In the paid portion of the cathedral, I also got to visit some peaceful cloisters around a garden of trees and grass.

Sunset in Cefalù

I was right. In Cefalù, the sun sets behind the sea. It’s not centred on the horizon. Rather, it sets a little to the right of a set of distant hills that jut into the sea on the left side of the horizon.

The sunset, unfortunately, was lacklustre today. I can’t blame the sun god for that. He, She or It gave it His, Her or Its all. And BSG (blue sky god) dominated the day, so that was good.

The sun god heads to his bedroom behind the sea
The sun god heads to his bedroom behind the sea

I blame the cloud god. I know I criticized the cloud god a lot in my journal entries Mount Etna, on my first day in Taormina and a little bit even yesterday in Taormina for doing too much. But to create a perfect sunset, the cloud god has to be part of the performance.

A perfect sunset needs a few clumps or wisps of clouds to pick up the colour that the sun god displays as He, She or It heads off to sleep.

Tonight, there were too few clouds and they were in the wrong position to pick up that colour. I waited until the sun god was all the way into His, Her or Its bedroom behind the sea, and He, She or It shut the door on the light, but the clouds never did pick up any colour. The sun god, however, was His, Her or Its usual bright orange disk on his way off to bed.

The sun god almost all the way into his bedroom behind the sea
The sun god almost all the way into his bedroom behind the sea

I viewed the sunset from a small, simple piazza immediately behind and a little above the beach.
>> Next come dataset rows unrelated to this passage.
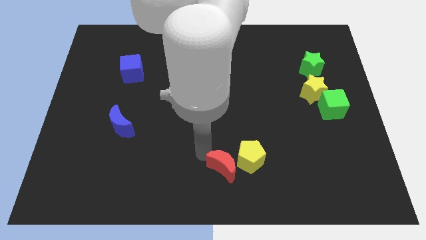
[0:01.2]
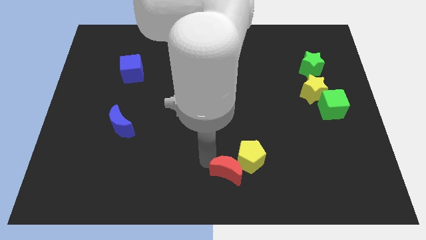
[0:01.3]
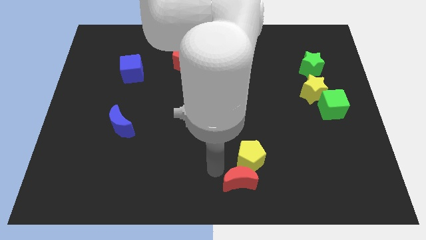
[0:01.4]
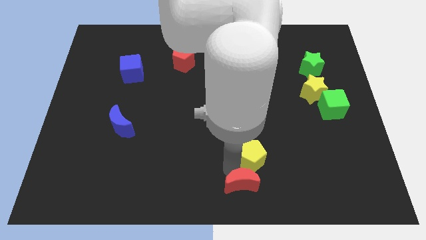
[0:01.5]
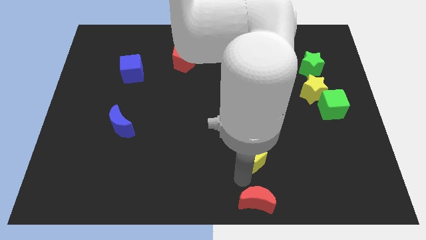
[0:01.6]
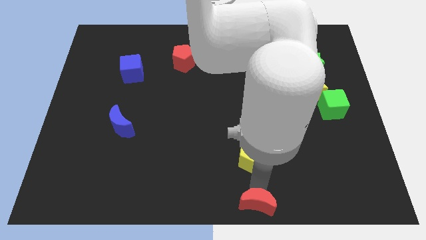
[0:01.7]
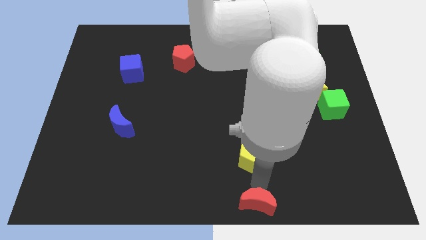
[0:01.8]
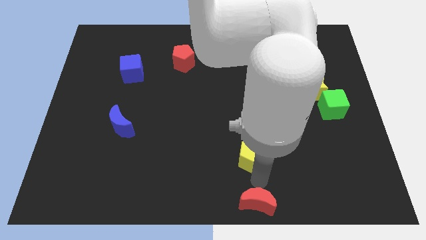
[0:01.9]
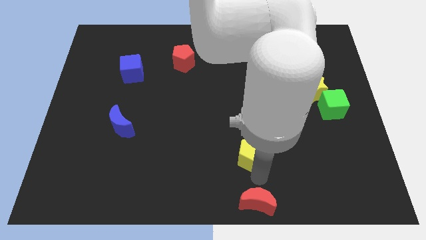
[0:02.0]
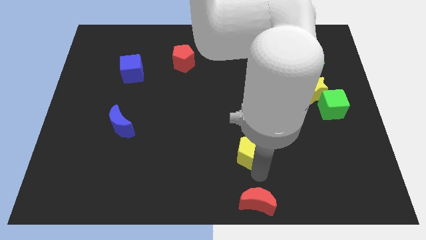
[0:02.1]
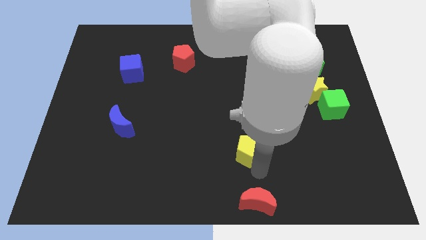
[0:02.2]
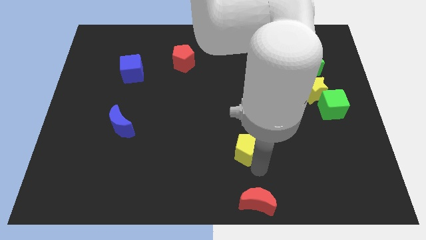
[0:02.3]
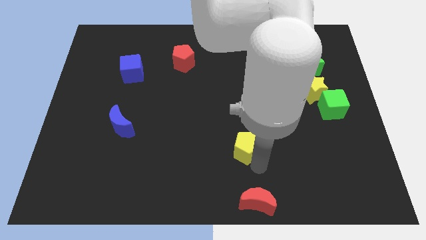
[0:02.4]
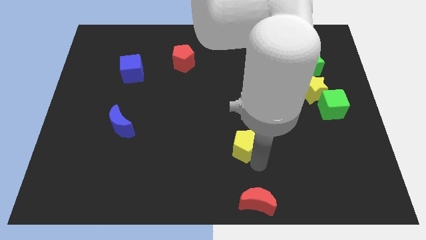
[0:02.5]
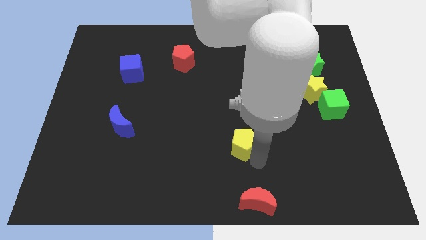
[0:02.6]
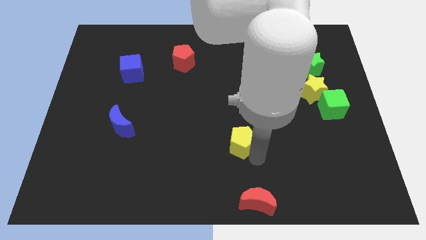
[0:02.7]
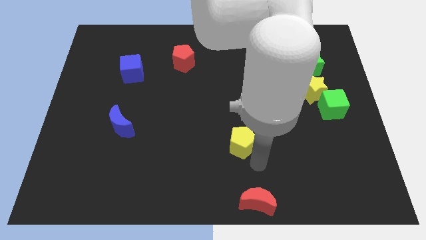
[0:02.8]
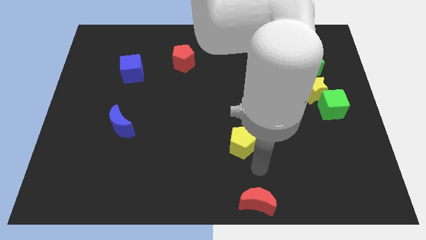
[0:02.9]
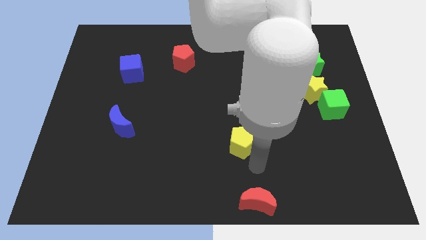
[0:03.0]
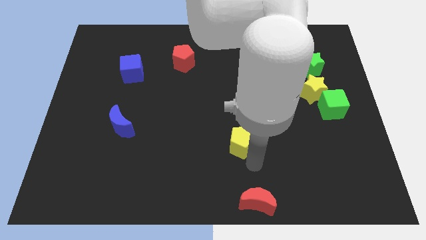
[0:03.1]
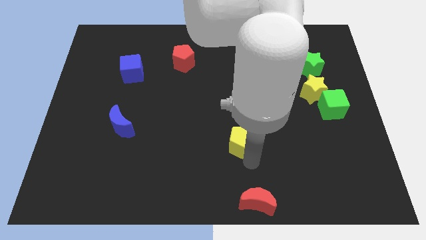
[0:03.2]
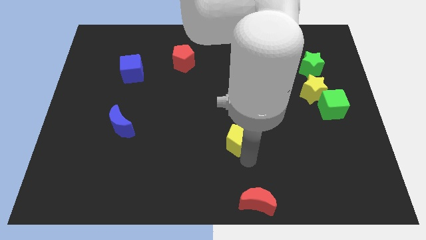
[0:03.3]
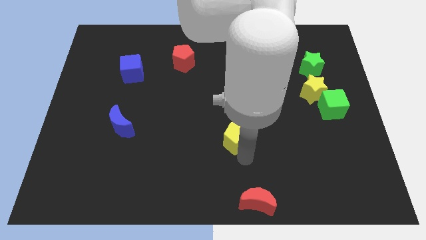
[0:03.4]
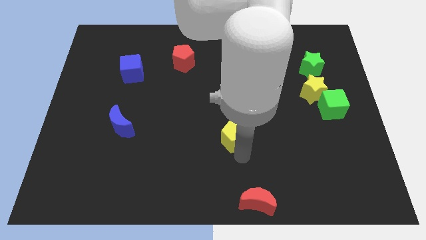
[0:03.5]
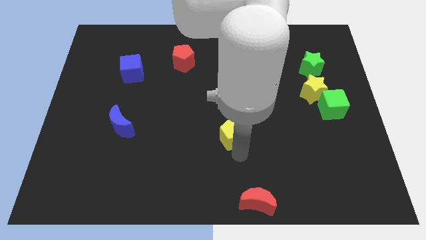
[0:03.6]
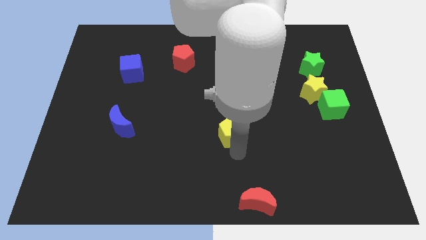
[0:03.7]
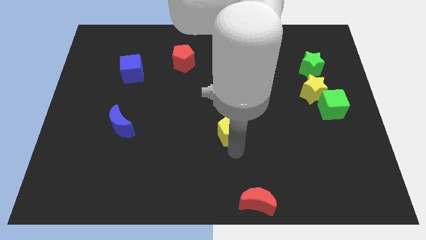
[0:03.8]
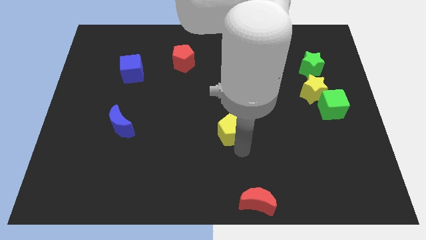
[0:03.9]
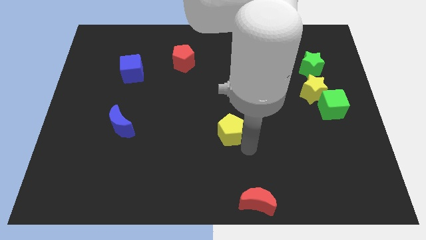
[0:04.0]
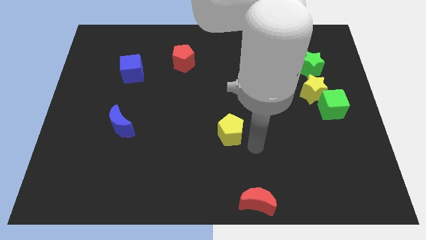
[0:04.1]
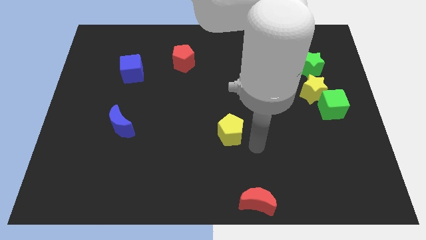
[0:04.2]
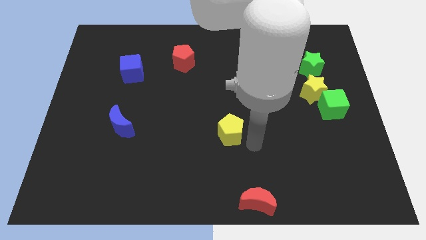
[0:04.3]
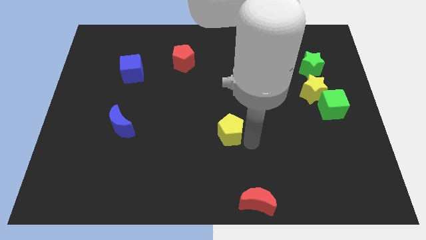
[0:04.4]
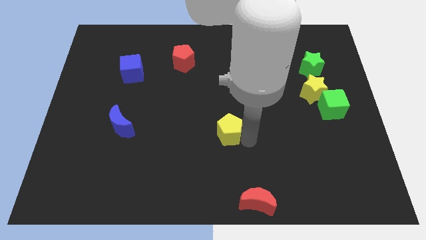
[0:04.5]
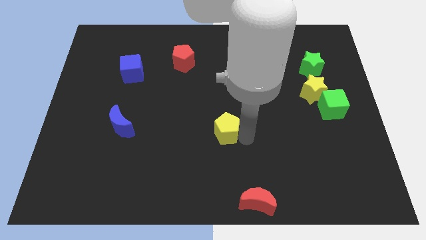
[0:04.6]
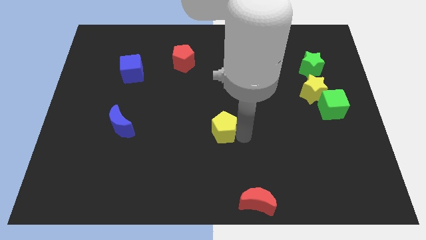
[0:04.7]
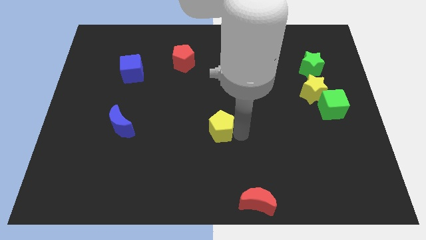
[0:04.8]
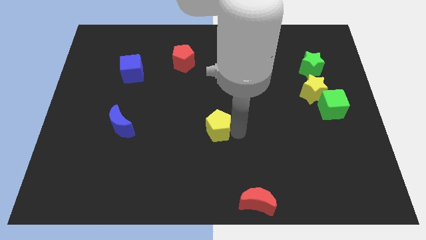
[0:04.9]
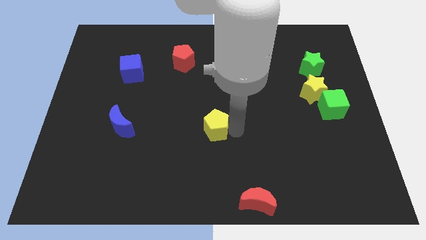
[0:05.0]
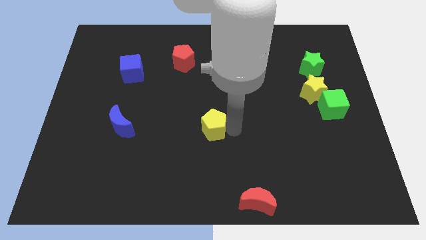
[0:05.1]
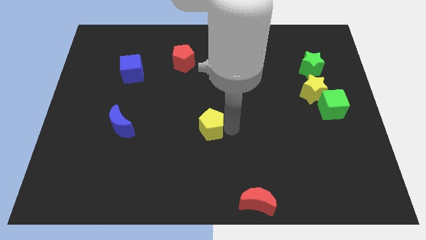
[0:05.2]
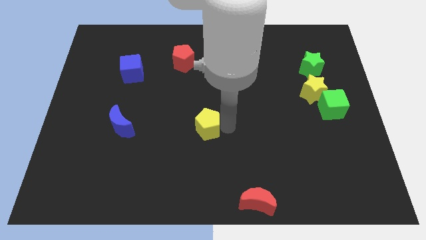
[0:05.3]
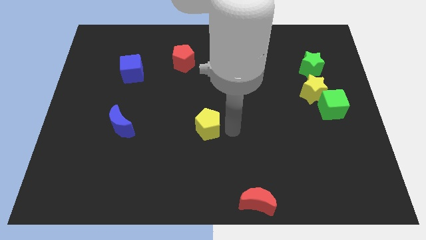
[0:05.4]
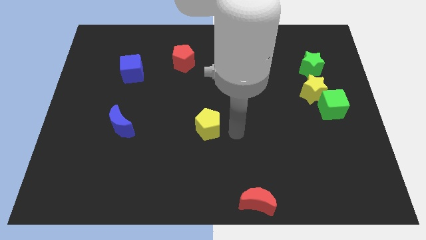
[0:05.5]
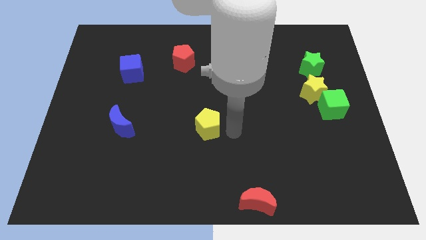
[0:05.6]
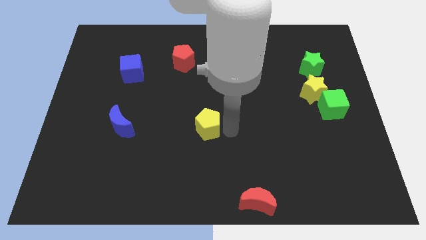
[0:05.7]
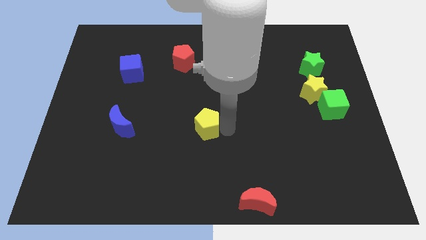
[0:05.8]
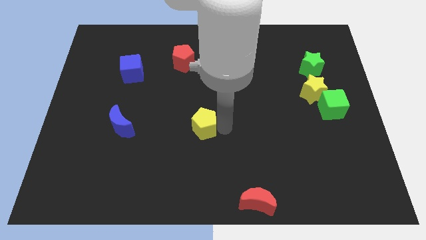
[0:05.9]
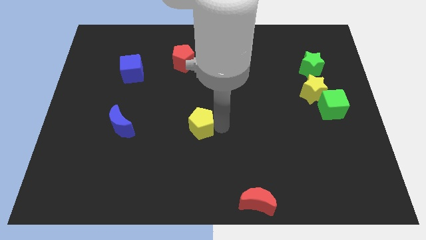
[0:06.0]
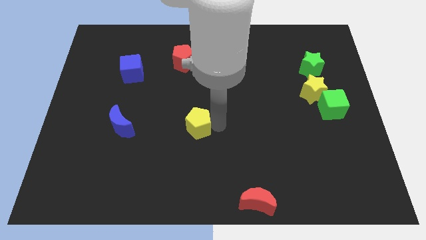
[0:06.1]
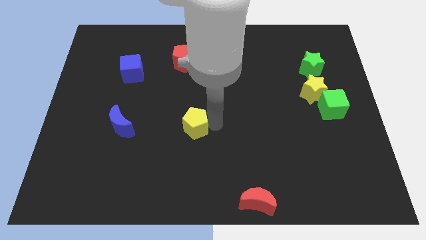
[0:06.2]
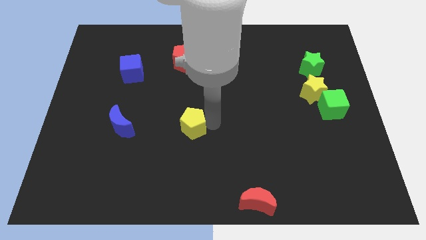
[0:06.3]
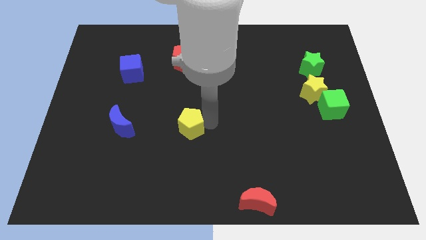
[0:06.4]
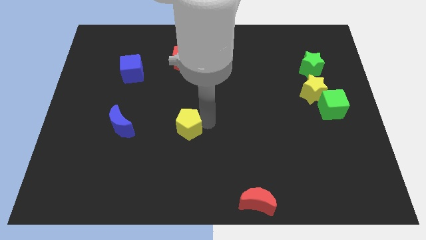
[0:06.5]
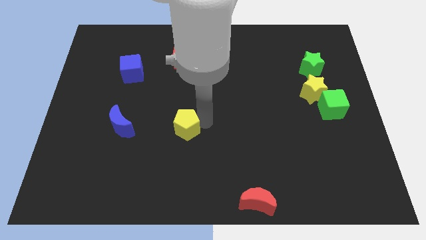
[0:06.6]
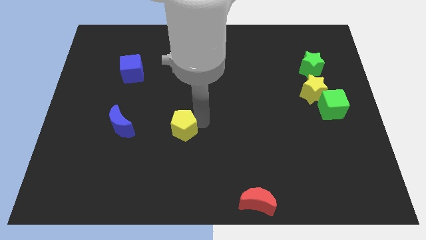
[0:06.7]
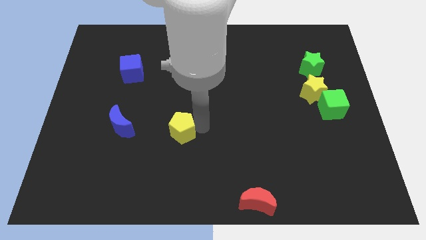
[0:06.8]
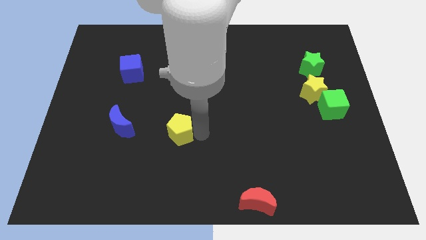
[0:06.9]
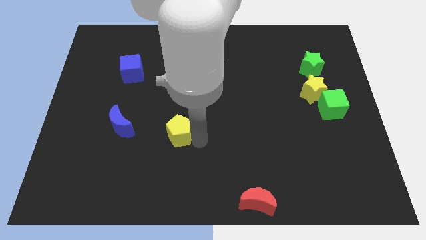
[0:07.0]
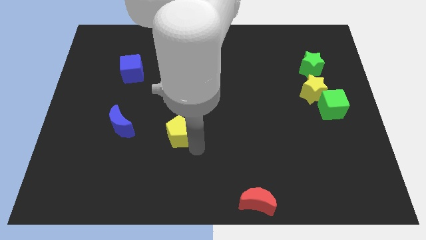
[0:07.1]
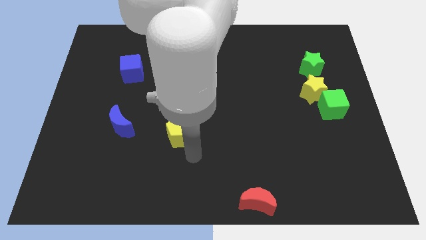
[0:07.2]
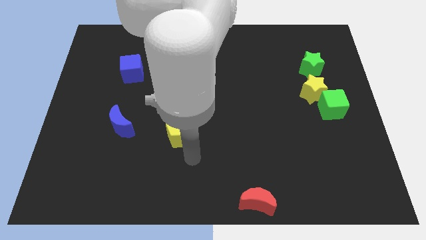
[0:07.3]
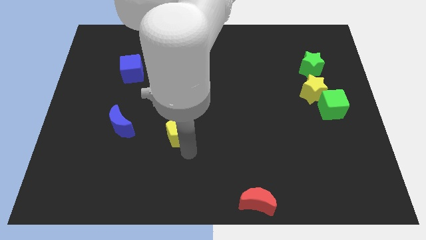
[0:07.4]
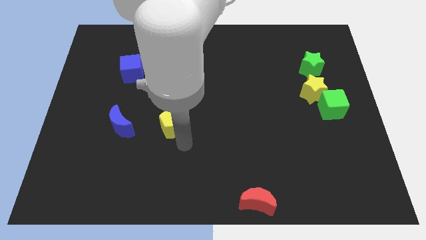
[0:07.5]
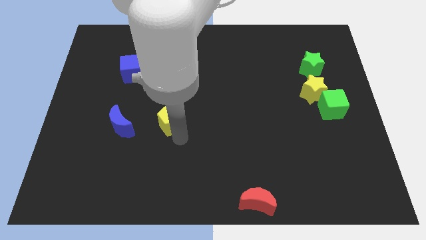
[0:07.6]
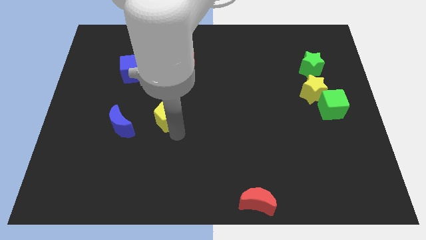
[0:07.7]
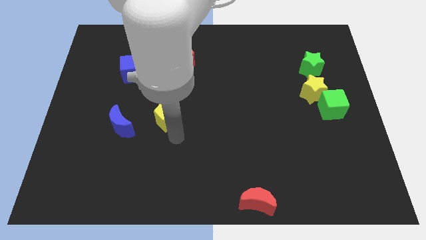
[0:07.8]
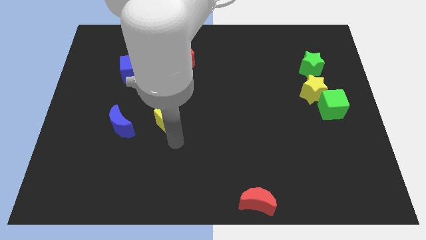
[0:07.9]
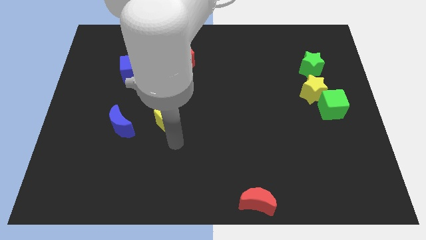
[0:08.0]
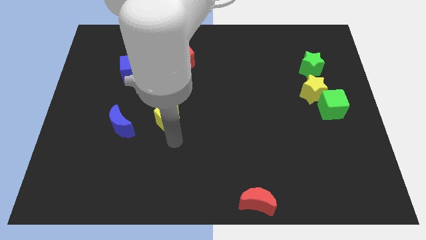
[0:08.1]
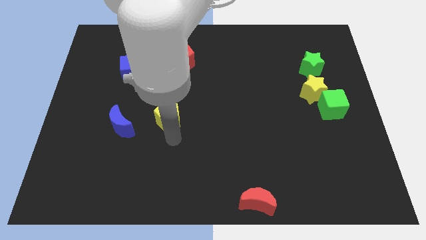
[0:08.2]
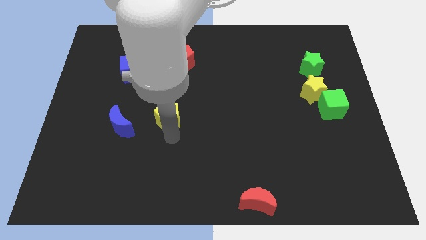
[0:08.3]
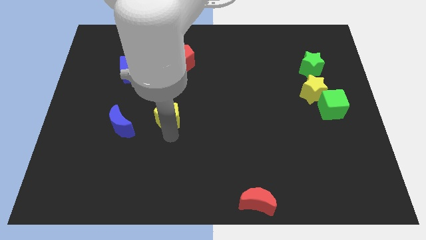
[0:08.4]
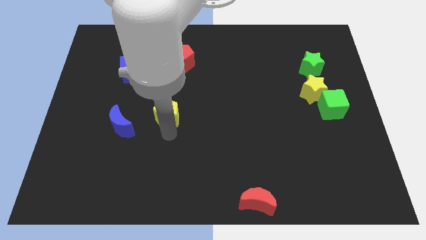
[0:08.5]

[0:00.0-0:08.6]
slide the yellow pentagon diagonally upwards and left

The piazza is a fair walk away from the old town of Cefalù along the seaside promenade.

In addition to the sunset, I took a picture of the town at sunset from that position.

I also took a picture giant rock behind the old town. The giant rock has nearly vertical cliffs on its lower two-thirds or so. It’s called La Rocca.

Cefalù at sunset
Cefalù at sunset

I assumed la rocca was Italian for “the rock.” I was wrong. Google Translate tells me it means the fortress.

The tour book I’m using tells me there are stairs up it. It says that a round-trip climb up and back down should take a fit adventurer about two hours.

I think I’m reasonably fit for a man my age. But “for a man my age” is doing an extraordinary amount of work in that sentence. I don’t think I’m up to it.

La Rocca at sunset
La Rocca at sunset

The book says that, about halfway up, there is a Temple of Diana from the fourth century BCE, pre-dating the arrival of the Greeks. The book says that makes a good point to take in the views for people who can’t or won’t tackle the full height of La Rocca. It says that should take a fit hiker about an hour to do the round trip. We’ll see whether I can talk myself into doing that tomorrow.